We should aim to keep logic restrictive and only as flexible as deemed necessary by business requirements. When an interface starts out being restrictive we can always slowly open it up later as new use cases and requirements arise, but by starting out with a small use case we’re able to grow the interface into something that’s naturally better fit to handle specific, real-world use cases.

Data, on the other hand, should be transformed to fit elegant interfaces, rather than trying to fit the same data structure into every function. Doing so would result in frustration similar to how a rushed abstraction layer that doesn’t lend itself to being effortlessly consumed to leverage the implementations underlying it. These transformations should be kept separate from the data itself, as to ensure reusability of each intermediate representation of the data on its own.

4.4.2 Restricting and Clustering Logic

Should a data structure — or code that leverages said data structure — require changes, the ripple effects can be devastating when the relevant logic is sprinkled all across the codebase. Consequently, when this happens, we need to update code from all over, making a point of not missing any occurrences, updating and fixing test cases as we go, and testing some more to certify that the updates haven’t broken down our application logic, all in one fell swoop.

For this reason, we should strive to keep code that deals with a particular data structure contained in as few modules as possible. For instance, if we have a BlogPost database model, it probably makes sense to start out having all the logic regarding a BlogPost in a single file. In that file, we could expose an API allowing consumers to create, publish, edit, delete, update, search, or share blog posts. As the functionality around blog posts grows, we might opt for spreading the logic into multiple colocated files: one might deal with search, parsing raw end-user queries for tags and terms that are then passed to Elasticsearch or some other search engine; another might deal with sharing, exposing an API to share articles via email or through different social media platforms; and so on.

Splitting logic into a few files under the same directory helps us prevent an explosion of functionality that mostly just has a data structure in common, bringing together code that’s closely related in terms of functionality.

The alternative, placing logic related to a particular aspect of our application such as blog posts directly in the components where it’s needed, will cause trouble if left unchecked. Doing so might be beneficial in terms of short-term productivity, but longer-term we need to worry about coupling logic, strictly related to blog posts in this case, together with entirely different concerns. At the same time, if we sprinkle a bulk of the logic across several unrelated components, we become at risk of missing critical aspects of functionality when making large-scale updates to the codebase, and because of this we might end up making the wrong assumptions, or mistakes that only become evident much further down the line.

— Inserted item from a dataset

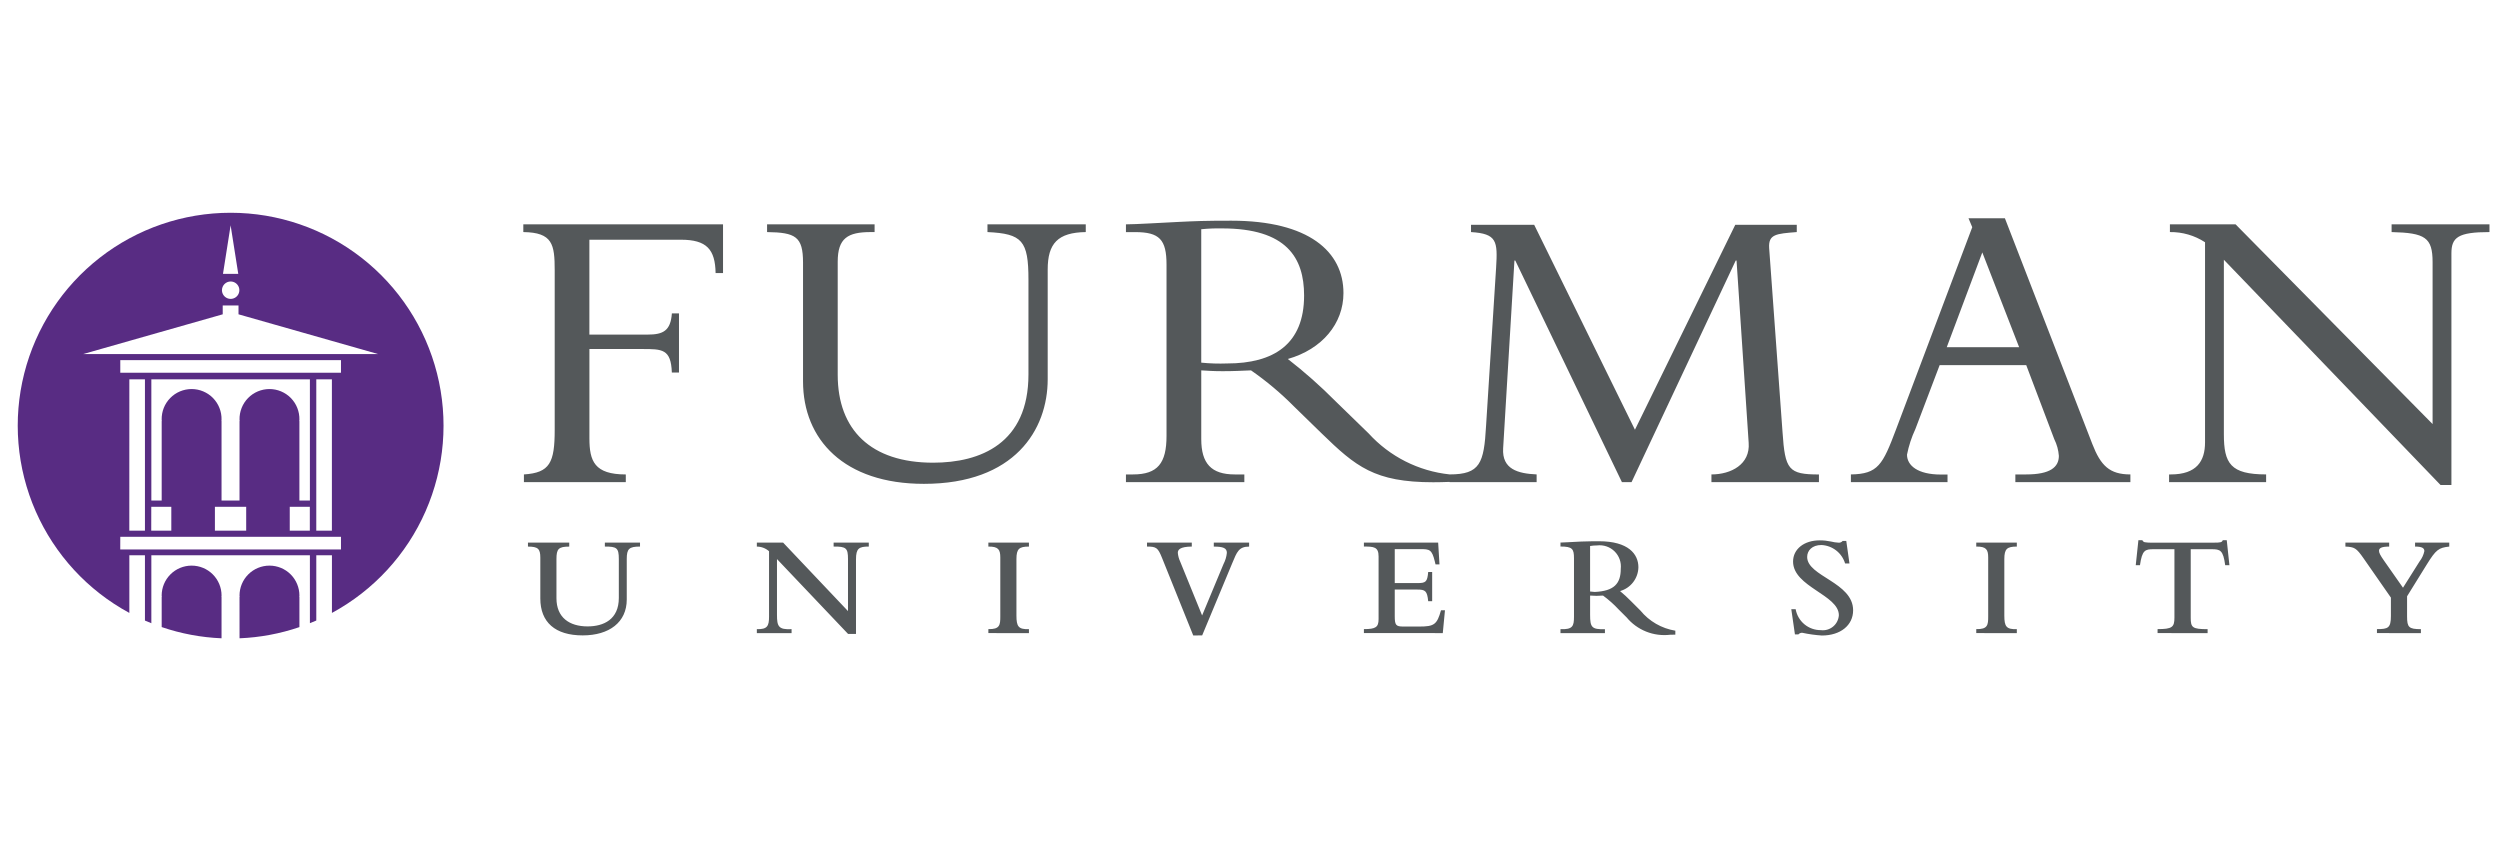 <svg width="141" height="48" viewBox="0 0 141 48" fill="none" xmlns="http://www.w3.org/2000/svg">
<path d="M101.655 35.69C101.613 35.686 101.571 35.692 101.532 35.708C101.493 35.723 101.458 35.748 101.43 35.78H101.234L101.029 34.359H101.275C101.334 34.692 101.509 34.994 101.769 35.21C102.029 35.426 102.358 35.543 102.696 35.54C102.819 35.555 102.943 35.546 103.062 35.511C103.181 35.476 103.291 35.418 103.386 35.339C103.482 35.26 103.56 35.162 103.615 35.052C103.671 34.942 103.704 34.821 103.712 34.698C103.712 33.55 101.129 33.099 101.129 31.672C101.129 30.967 101.752 30.476 102.629 30.476C102.842 30.475 103.053 30.497 103.261 30.541C103.403 30.577 103.549 30.599 103.695 30.607C103.739 30.61 103.782 30.604 103.822 30.587C103.863 30.569 103.898 30.543 103.925 30.509H104.13L104.31 31.78H104.064C103.977 31.489 103.801 31.233 103.562 31.047C103.322 30.86 103.031 30.753 102.727 30.739C102.204 30.739 101.924 31.051 101.924 31.412C101.924 32.511 104.516 32.839 104.516 34.422C104.516 35.266 103.802 35.843 102.752 35.843C102.383 35.819 102.016 35.768 101.655 35.69ZM67.298 35.839L65.535 31.457C65.306 30.891 65.216 30.826 64.691 30.826V30.601H67.217V30.826C66.544 30.834 66.429 31.006 66.429 31.178C66.444 31.348 66.488 31.515 66.561 31.67L67.799 34.712L69.007 31.811C69.109 31.615 69.173 31.401 69.195 31.18C69.195 30.909 68.982 30.828 68.458 30.828V30.604H70.45V30.828C69.868 30.828 69.761 31.131 69.499 31.763L67.802 35.838L67.298 35.839ZM30.474 33.755V31.451C30.474 30.951 30.342 30.828 29.777 30.828V30.604H32.105V30.828C31.498 30.828 31.384 30.959 31.384 31.533V33.738C31.384 34.829 32.113 35.329 33.139 35.329C34.049 35.329 34.902 34.936 34.902 33.722V31.532C34.902 30.892 34.779 30.826 34.114 30.826V30.602H36.097V30.826C35.474 30.826 35.349 30.957 35.349 31.532V33.812C35.349 35.099 34.357 35.836 32.864 35.836C31.31 35.838 30.474 35.091 30.474 33.755ZM91.731 34.812L91.296 34.378C91.027 34.088 90.73 33.824 90.411 33.59C90.168 33.611 89.924 33.611 89.682 33.59V34.673C89.682 35.378 89.772 35.51 90.518 35.485V35.709H88.011V35.485C88.7 35.509 88.773 35.321 88.773 34.779V31.488C88.773 30.955 88.682 30.824 88.011 30.824V30.6C88.199 30.6 88.617 30.567 89.183 30.543C89.618 30.526 90.02 30.526 90.183 30.526C91.84 30.526 92.406 31.248 92.406 31.995C92.4 32.3 92.296 32.595 92.11 32.837C91.924 33.078 91.664 33.254 91.371 33.337C91.585 33.514 91.791 33.703 91.985 33.902L92.519 34.435C93.015 35.041 93.716 35.445 94.489 35.571V35.795C94.389 35.797 94.294 35.799 94.205 35.799C93.744 35.855 93.275 35.795 92.843 35.622C92.412 35.45 92.03 35.172 91.734 34.813L91.731 34.812ZM89.681 30.794V33.361C89.739 33.369 89.894 33.386 89.943 33.386C91.034 33.337 91.411 32.918 91.411 32.082C91.431 31.902 91.41 31.721 91.35 31.55C91.289 31.38 91.191 31.225 91.062 31.098C90.934 30.971 90.778 30.875 90.607 30.817C90.436 30.759 90.254 30.74 90.074 30.762C89.944 30.763 89.813 30.773 89.684 30.794H89.681ZM47.832 35.755L43.822 31.532V34.681C43.822 35.32 43.904 35.525 44.645 35.484V35.708H42.686V35.484C43.276 35.5 43.374 35.312 43.374 34.779V31.09C43.184 30.921 42.939 30.828 42.686 30.828V30.604H44.169L47.827 34.466V31.532C47.827 30.917 47.728 30.818 47.016 30.826V30.602H49V30.826C48.451 30.826 48.278 30.924 48.278 31.548V35.755H47.832ZM134.06 35.706V35.482C134.683 35.482 134.847 35.424 134.847 34.743V33.705L133.306 31.491C132.896 30.901 132.789 30.851 132.281 30.827V30.603H134.749V30.827C134.307 30.827 134.176 30.917 134.176 31.065C134.176 31.172 134.241 31.311 134.455 31.615L135.529 33.148L136.464 31.664C136.598 31.493 136.69 31.294 136.734 31.081C136.734 30.901 136.578 30.827 136.21 30.827V30.603H138.138V30.827C137.539 30.892 137.39 30.999 136.866 31.844L135.759 33.631V34.771C135.759 35.378 135.858 35.485 136.539 35.485V35.709L134.06 35.706ZM121.687 35.706V35.482C122.509 35.482 122.638 35.375 122.638 34.834V30.975H121.465C120.981 30.975 120.817 31.025 120.694 31.877H120.456L120.606 30.467H120.83C120.841 30.495 120.859 30.52 120.882 30.54C120.905 30.56 120.932 30.574 120.962 30.581C121.094 30.603 121.229 30.611 121.363 30.606H124.832C125.251 30.606 125.316 30.589 125.365 30.467H125.589L125.739 31.877H125.501C125.386 31.025 125.222 30.975 124.73 30.975H123.557V34.837C123.557 35.395 123.648 35.485 124.509 35.485V35.709L121.687 35.706ZM111.461 35.706V35.482C112.109 35.498 112.134 35.244 112.134 34.776V31.442C112.134 30.999 112.027 30.819 111.461 30.827V30.603H113.749V30.827C113.2 30.827 113.044 30.951 113.044 31.532V34.722C113.044 35.338 113.158 35.502 113.749 35.485V35.71L111.461 35.706ZM76.924 35.706V35.482C77.589 35.482 77.752 35.375 77.752 34.916V31.382C77.752 30.841 77.481 30.825 76.924 30.825V30.601H81.112L81.187 31.831H80.963L80.922 31.659C80.758 30.986 80.626 30.97 80.099 30.97H78.664V32.886H79.935C80.411 32.886 80.501 32.828 80.55 32.262H80.774V33.907H80.55C80.492 33.325 80.386 33.251 79.935 33.251H78.664V34.747C78.664 35.256 78.729 35.337 79.147 35.337H80.058C80.886 35.337 81.05 35.223 81.272 34.419H81.496L81.373 35.707L76.924 35.706ZM55.744 35.706V35.482C56.392 35.498 56.417 35.244 56.417 34.776V31.442C56.417 30.999 56.31 30.819 55.744 30.827V30.603H58.032V30.827C57.482 30.827 57.327 30.951 57.327 31.532V34.722C57.327 35.338 57.441 35.502 58.032 35.485V35.71L55.744 35.706ZM137.645 27.353L125.426 14.65V24.491C125.426 26.142 125.8 26.757 127.809 26.757V27.194H122.336V26.758H122.431C123.893 26.758 124.364 26.006 124.364 24.951V13.663C123.776 13.279 123.086 13.079 122.383 13.089V12.653H126.087L137.198 23.917V14.787C137.198 13.388 136.773 13.135 134.886 13.089V12.653H140.406V13.089C138.637 13.089 138.26 13.388 138.26 14.285V27.353H137.645ZM45.291 21.509V14.81C45.291 13.341 44.867 13.112 43.263 13.089V12.653H49.327V13.089H49.111C47.813 13.089 47.247 13.433 47.247 14.763V21.14C47.247 24.238 49.111 26.096 52.627 26.096C55.292 26.096 58.005 25.018 58.005 21.118V15.773C58.005 13.571 57.651 13.181 55.693 13.089V12.653H61.237V13.089C59.657 13.112 59.09 13.732 59.09 15.2V21.392C59.09 24.238 57.227 27.289 52.108 27.289C47.604 27.29 45.291 24.79 45.291 21.509ZM74.542 24.445L72.987 22.93C72.242 22.177 71.429 21.494 70.558 20.889C69.968 20.912 69.591 20.935 68.954 20.935C68.435 20.935 68.131 20.912 67.751 20.889V24.767C67.751 26.143 68.317 26.758 69.639 26.758H70.181V27.194H63.503V26.758H63.904C65.296 26.758 65.792 26.121 65.792 24.584V14.927C65.792 13.506 65.391 13.091 64.022 13.091H63.503V12.653C64.07 12.653 65.509 12.561 66.476 12.516C67.442 12.47 67.915 12.447 69.449 12.447C73.814 12.447 75.771 14.19 75.771 16.53C75.771 18.25 74.569 19.696 72.634 20.247C73.582 20.983 74.481 21.78 75.327 22.633L77.191 24.445C78.379 25.75 80.006 26.573 81.762 26.757C83.482 26.757 83.695 26.119 83.813 24.031L84.38 15.108C84.474 13.594 84.427 13.181 82.965 13.089V12.677H86.527L92.211 24.238L97.87 12.677H101.338V13.089C100.181 13.181 99.733 13.204 99.78 13.986L100.535 24.378C100.677 26.49 100.866 26.76 102.588 26.76V27.194H96.525V26.758C97.634 26.758 98.719 26.19 98.625 24.974L97.941 14.695H97.894L92.019 27.194H91.477L85.462 14.695H85.414L84.777 25.288C84.707 26.458 85.6 26.71 86.666 26.757V27.194H81.757V27.179C81.43 27.192 81.122 27.199 80.831 27.199C77.516 27.199 76.462 26.31 74.542 24.445ZM67.75 12.929V20.453C68.236 20.502 68.725 20.517 69.213 20.499C71.831 20.499 73.551 19.42 73.551 16.668C73.551 14.534 72.56 12.882 68.927 12.882C68.534 12.874 68.141 12.89 67.75 12.929ZM113.666 27.194V26.758H114.28C115.626 26.758 116.12 26.351 116.12 25.711C116.096 25.384 116.008 25.064 115.861 24.77L114.28 20.594H109.396L108.028 24.197C107.813 24.657 107.654 25.143 107.555 25.642C107.555 26.261 108.169 26.764 109.466 26.764H109.84V27.194H104.391V26.758C105.923 26.735 106.186 26.212 106.938 24.215L111.235 12.814L111.023 12.309H113.076L118.007 25.042C118.479 26.257 118.974 26.758 120.154 26.758V27.194H113.666ZM109.797 19.582H113.879L111.802 14.236L109.797 19.582ZM29.549 27.194V26.758C31.011 26.665 31.285 26.096 31.285 24.239V15.246C31.285 13.778 31.166 13.112 29.515 13.089V12.653H40.779V15.401H40.36C40.336 14.07 39.864 13.52 38.402 13.52H33.241V18.871H36.526C37.399 18.871 37.824 18.659 37.894 17.674H38.295V21.009H37.892C37.844 19.68 37.35 19.685 36.217 19.685H33.243V24.722C33.243 26.007 33.525 26.759 35.295 26.759V27.194H29.549Z" fill="#54585A"/>
<path d="M13.509 33.672H13.518C13.518 33.644 13.509 33.618 13.509 33.589C13.509 33.141 13.687 32.712 14.004 32.395C14.321 32.078 14.751 31.901 15.198 31.901C15.646 31.901 16.076 32.078 16.393 32.395C16.709 32.712 16.887 33.141 16.887 33.589C16.887 33.618 16.881 33.644 16.879 33.672H16.887V35.369C15.797 35.741 14.66 35.953 13.51 36L13.509 33.672ZM9.119 35.367V33.672H9.127C9.127 33.644 9.118 33.618 9.118 33.589C9.118 33.141 9.296 32.712 9.613 32.395C9.93 32.078 10.359 31.901 10.807 31.901C11.255 31.901 11.685 32.078 12.001 32.395C12.318 32.712 12.496 33.141 12.496 33.589C12.496 33.618 12.489 33.644 12.488 33.672H12.495V36C11.345 35.952 10.208 35.739 9.119 35.367ZM17.478 31.317H8.536V35.15C8.415 35.1 8.294 35.05 8.175 35V31.317H7.295V34.569C4.945 33.298 3.086 31.279 2.012 28.833C0.938 26.386 0.712 23.651 1.367 21.061C2.023 18.471 3.524 16.174 5.632 14.532C7.74 12.891 10.336 12 13.008 12C15.68 12 18.275 12.891 20.383 14.532C22.492 16.174 23.992 18.471 24.648 21.061C25.304 23.651 25.077 26.386 24.003 28.833C22.93 31.279 21.07 33.298 18.721 34.569V31.317H17.839V34.998C17.72 35.05 17.599 35.1 17.479 35.147L17.478 31.317ZM6.782 30.989H19.231V30.277H6.784L6.782 30.989ZM17.838 29.931H18.719V21.394H17.839L17.838 29.931ZM16.342 29.931H17.474V28.585H16.342V29.931ZM12.121 29.931H13.885V28.585H12.121V29.931ZM8.53 29.931H9.662V28.585H8.532L8.53 29.931ZM7.293 29.931H8.175V21.394H7.295L7.293 29.931ZM16.887 23.666C16.887 23.695 16.879 23.722 16.878 23.75H16.886V28.229H17.478V21.394H8.536V28.229H9.119V23.75H9.127C9.127 23.722 9.118 23.695 9.118 23.666C9.114 23.442 9.154 23.218 9.236 23.009C9.319 22.8 9.443 22.61 9.6 22.449C9.757 22.288 9.945 22.161 10.152 22.074C10.36 21.987 10.582 21.942 10.807 21.942C11.032 21.942 11.254 21.987 11.461 22.074C11.668 22.161 11.856 22.288 12.014 22.449C12.171 22.61 12.294 22.8 12.377 23.009C12.46 23.218 12.5 23.442 12.495 23.666C12.495 23.695 12.489 23.722 12.488 23.75H12.495V28.229H13.509V23.75H13.518C13.518 23.722 13.509 23.695 13.509 23.666C13.505 23.442 13.545 23.218 13.628 23.009C13.71 22.8 13.834 22.61 13.991 22.449C14.149 22.288 14.336 22.161 14.543 22.074C14.751 21.987 14.973 21.942 15.198 21.942C15.423 21.942 15.645 21.987 15.852 22.074C16.06 22.161 16.247 22.288 16.405 22.449C16.562 22.61 16.686 22.8 16.768 23.009C16.851 23.218 16.891 23.442 16.887 23.666ZM6.784 21.024H19.231V20.312H6.784V21.024ZM12.562 17.727L4.681 19.971H21.334L13.452 17.727V17.228H12.561L12.562 17.727ZM12.518 16.366C12.518 16.463 12.547 16.558 12.601 16.639C12.655 16.72 12.731 16.783 12.821 16.82C12.911 16.857 13.009 16.867 13.104 16.848C13.2 16.829 13.287 16.783 13.356 16.714C13.425 16.646 13.471 16.558 13.49 16.463C13.509 16.368 13.5 16.269 13.463 16.179C13.425 16.09 13.363 16.013 13.282 15.959C13.201 15.905 13.106 15.876 13.009 15.876C12.945 15.876 12.881 15.889 12.821 15.913C12.762 15.938 12.708 15.974 12.662 16.02C12.617 16.065 12.581 16.119 12.556 16.179C12.531 16.238 12.518 16.302 12.518 16.366ZM13.005 12.722L12.576 15.446H13.438L13.009 12.722V12.689L13.005 12.722Z" fill="#582C83"/>
</svg>

It’s acceptable to start out placing logic directly where it’s needed at first, when it’s unclear whether the functionality will grow or how much. Once this initial exploratory period elapses, and it becomes clear the functionality is here to stay and more might be to come, it’s advisable that we isolate the functionality for the reasons stated above. Later, as the functionality grows in size and in concerns that need to be addressed, we can componentize each aspect into different modules that are still grouped together logically in the file system, making it easy to take all of interrelated concerns into account when need be.

Now that we have broken down the essentials of module design and how to delineate interfaces, as well as how to lockdown, isolate, and drive down complexity in our internal implementations, we’re ready to start discussing JavaScript-specific language features and an assortment of patterns that we can benefit from.

1. In the example, we immediately return false when the token isn’t present.